* Try it: How many lines in the material below contain the word "endings"? Write only the number.

╭──

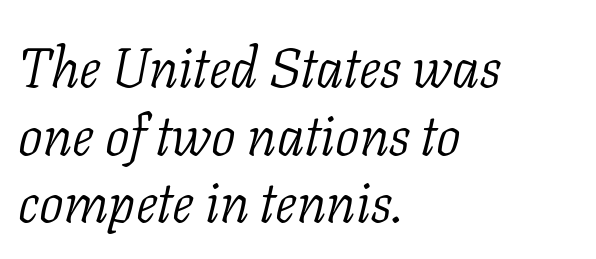
Italic? Definitely — the glyphs are oblique. Stroke terminals: seriffed. This sample is left-justified, so line endings fall wherever the words run out. Here the designer chose a conventional face with non-uniform glyph widths. Each row of text sits above clean, open space. The passage shown is not bold in any degree.
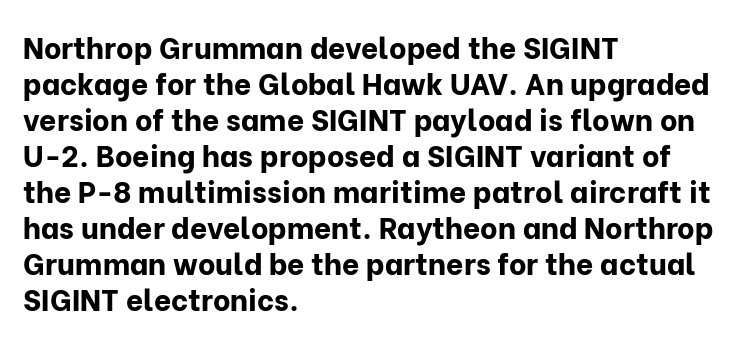
{"serif": "no", "italic": "no", "bold": "yes", "weight": "bold", "width": "normal", "stroke_contrast": "low", "x_height": "medium", "monospaced": "no", "underline": "no", "align": "left", "line_spacing_ratio": 1.2, "letter_spacing": "normal", "letter_spacing_em": 0.0, "glyph_px": 30}
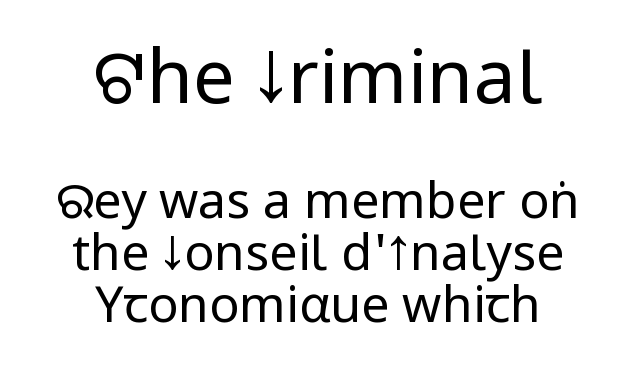
Neither beginnings nor endings align; midpoints do. There is no visible air inserted between adjacent glyphs. Of the two passages, the one on top uses the larger point size. Do the letters lean? They stand straight. What's the leading like? Squeezed, with rows nearly overlapping. Lines of text with bare space underneath.
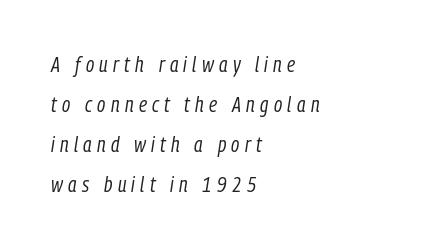
The space directly below the letters is spotless. The letterforms sit at book weight or below. Compared with typical paragraphs, the rows here are farther apart. It's the slanting kind of type.
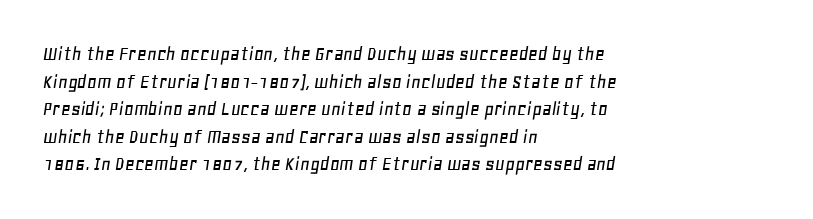
{"italic": "yes", "lean": "right", "slant_degrees": 11, "underline": "no", "align": "left", "line_spacing": "normal", "line_spacing_ratio": 1.31, "letter_spacing": "normal", "letter_spacing_em": 0.0, "glyph_px": 21}
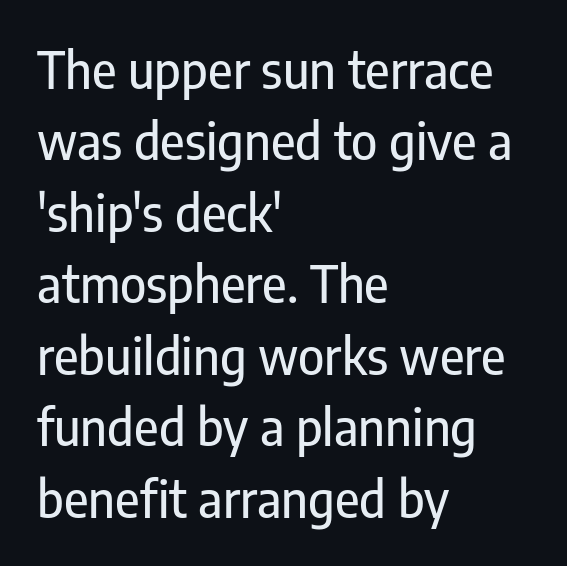
The image shows 50 px condensed sans-serif type, upright; set left-aligned, normal line spacing (1.43x), normal letter spacing, not underlined; low stroke contrast and a medium x-height.
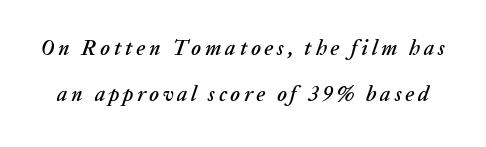
{"italic": "yes", "lean": "right", "slant_degrees": 20, "underline": "no", "line_spacing": "loose", "line_spacing_ratio": 2.21, "glyph_px": 21}
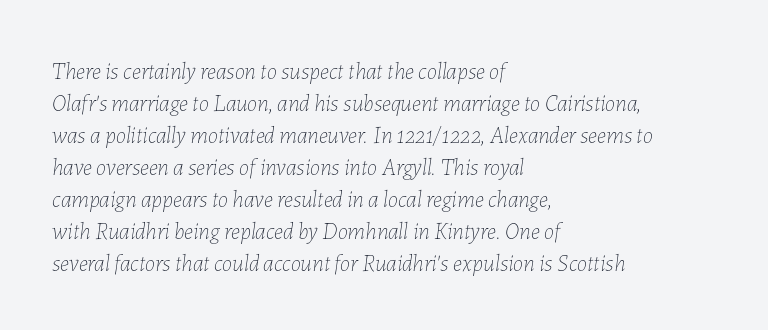
{"italic": "yes", "lean": "right", "slant_degrees": 7, "bold": "no", "underline": "no", "align": "left", "line_spacing": "normal", "line_spacing_ratio": 1.39, "letter_spacing": "normal", "letter_spacing_em": 0.0, "glyph_px": 23}
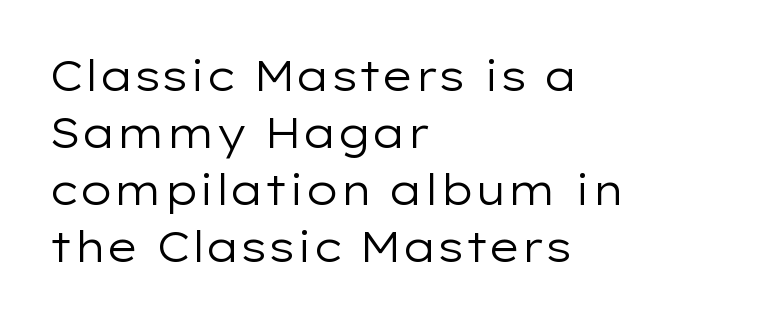
The image shows 42 px regular-weight, wide sans-serif type, upright; set left-aligned, normal line spacing (1.36x), normal letter spacing, not underlined; low stroke contrast and a medium x-height.
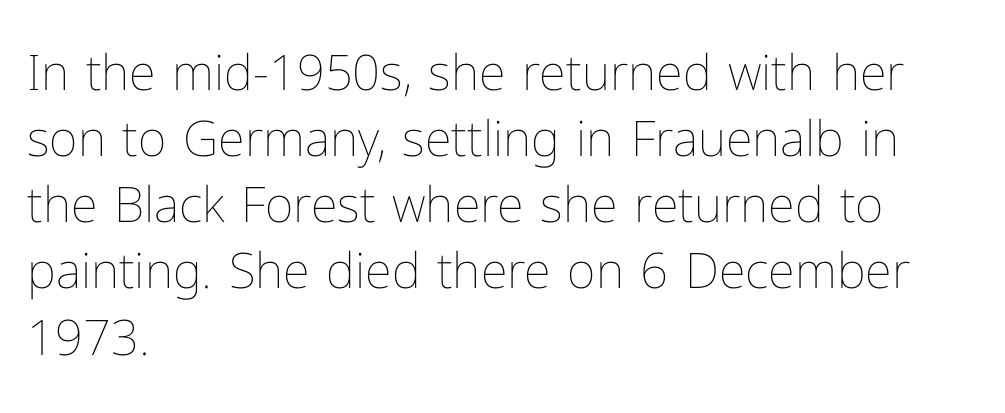
The image shows 49 px thin type, upright; set left-aligned, normal line spacing (1.35x), normal letter spacing, not underlined; low stroke contrast and a medium x-height.
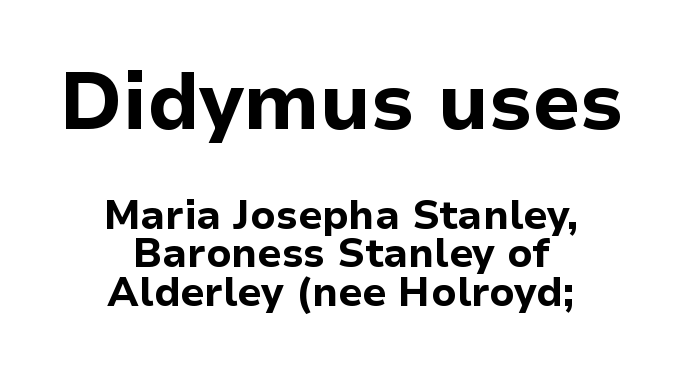
{"serif": "no", "italic": "no", "bold": "yes", "weight": "bold", "width": "normal", "stroke_contrast": "low", "x_height": "medium", "monospaced": "no", "underline": "no", "align": "center", "line_spacing": "tight", "line_spacing_ratio": 0.96, "letter_spacing": "normal", "letter_spacing_em": 0.0, "larger_block": "first", "size_ratio": 1.98, "glyph_px": 79}
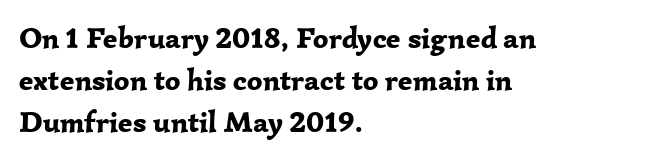
{"serif": "yes", "italic": "no", "bold": "yes", "weight": "bold", "width": "normal", "stroke_contrast": "low", "x_height": "medium", "monospaced": "no", "underline": "no", "align": "left", "line_spacing": "normal", "line_spacing_ratio": 1.4, "letter_spacing": "normal", "letter_spacing_em": 0.0, "glyph_px": 30}
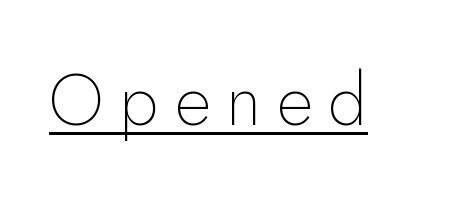
The image shows 71 px thin sans-serif type, upright; set unusually wide letter spacing (+0.22 em), underlined; low stroke contrast and a small x-height.
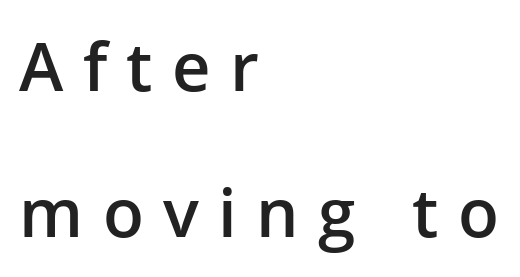
The image shows 67 px semibold sans-serif type, upright; set left-aligned, loose line spacing (2.18x), unusually wide letter spacing (+0.29 em), not underlined; low stroke contrast and a medium x-height.

╰──

* Your response: 2